It almost goes without saying: SPOILERS AHEAD.
During the coda to Chris DeBurgh’s ‘Lady in Red,’ the percussion gets a little strange, and just as it fades out he whispers “I love you.” The fact that it sounds just a little creepy makes you suddenly reconsider a song that could otherwise be mistaken for uneventful. Suddenly you find yourself reconsidering the implications of that titular lady: did he murder her with his eyebrows? Does the red imply menstruation? Or maybe it’s just a romantic song about a lady in a red dress.
Game of Thrones, Season 5 was a little bit like ‘Lady in Red.’ There were times when it felt like not much had happened yet, that it was just getting started. In part this may be because ten episodes always feels like so little, however thankful one is that the limitation most certainly aids quality control. But then the coda comes, George R.R Martin whispers ‘fuck you,’ and suddenly you remember a whole lot of stuff has gone down.
This was the season that Reek watched as Ramsay Bolton brutally made a woman out of Sansa Stark; where Stannis Baratheon watched on with an army while he burnt his daughter at the stake; Jon Snow watched the undead slaughter the tribes of Wilding northerners he had come to save; feuding eunuchs watched the Queen escape her civil mess via dragon-back; and Gilly made a man out of Sam Tarly while no one watched.
One thing Game of Thrones does so well is in making so many disparate story threads uniformly coherent. One of the other things it does well is creating unexpected moments of pathos, for sometimes otherwise reprehensible characters. In this way, what is sometimes criticised as gratuitous violence serves a purpose: all violence, towards good people and bad, becomes equal in its brutality, equal in its potential to become as moving as it is repugnant.
So in the season finale, the near-death of decimated Stannis, unacceptable as his actions are, nevertheless captures the humanistic poignancy of mortal man ready to breathe his last ““no matter that most viewers would probably be glad to see him impaled. Cersei Lannister’s naked walk of shame is devastating in its humiliating crushing of spirit ““as awful as you know she is. And when Reek pushes Miranda off the parapet, one cannot help but twinge with the fragility with which her limpid, wicked torso is crushed on the flagstones below.
(Caveat: no one will wax empathetic when Ramsay Bolton receives his comeuppance!)
That much of the fifth season concentrated on gone-awry aspects of religious fervour was further accentuated in the finale, as the Sparrows continued to morph into a brutal amalgam (whose veil is much often too thin) for medieval Christianity; magick reduced Stannis Baratheon’s army to ruin; Arya Stark was weirded out by the morphing tricks of the many faced god; and one of the series’ most popular characters was ruthlessly stabbed to death. One grants that the Knights Watch are a military operation, but that they are also a monkish order whose precipice is aged and sacred tradition: the same devotion that compels the Sparrows to ruin Cersei Lannister is not dissimilar to the jaded devotion that leads the men of the Knights Watch to kill Jon Snow, though be it without saying, the Watch is comprised primarily of brigands and murderers to begin with, who just didn’t like him all that much anyway.

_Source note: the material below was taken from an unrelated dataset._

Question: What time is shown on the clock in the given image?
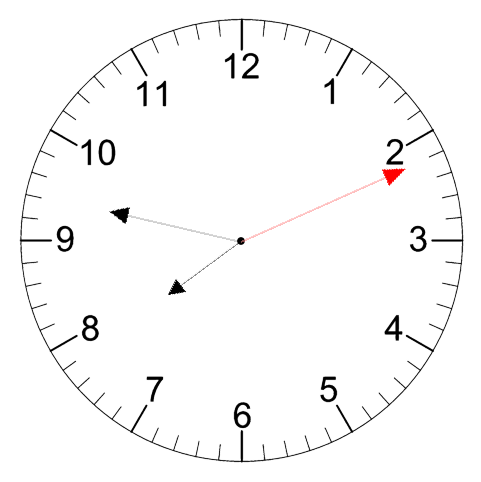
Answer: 07:47:11

(RIP Jon Snow. You were too emo for your own good. But we never wanted it to come to this. Actually, it is hard to imagine the show without you.)
As if to empathise that Jon Snow is a man worthy of a dozen death scenes, he is, regrettably, stabbed at least that many times, and his stature is such that it takes him at least that long to die, where fittingly he does in–.the snow.

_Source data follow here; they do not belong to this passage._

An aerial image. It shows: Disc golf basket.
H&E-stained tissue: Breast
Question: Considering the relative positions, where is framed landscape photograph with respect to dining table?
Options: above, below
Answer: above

(A tasteless, punning title for this review might be ‘Snow in the Snow.’)
As season finales go, this one was fairly ““if not expectedly- bleak; albeit, the positives are that Sansa and Reek have fled Winterfell; and things are on the up for Tyrion, now ruling surrogate for Daenerys Targaryen, stranded in a foreign land, but bound to free more slaves sooner or later.
On the downside, it needed more Reek. And the Knights of Castle Black never covered the ‘Camelot’ song from Monty Python and the Holy Grail that this reviewer keeps wishing they would.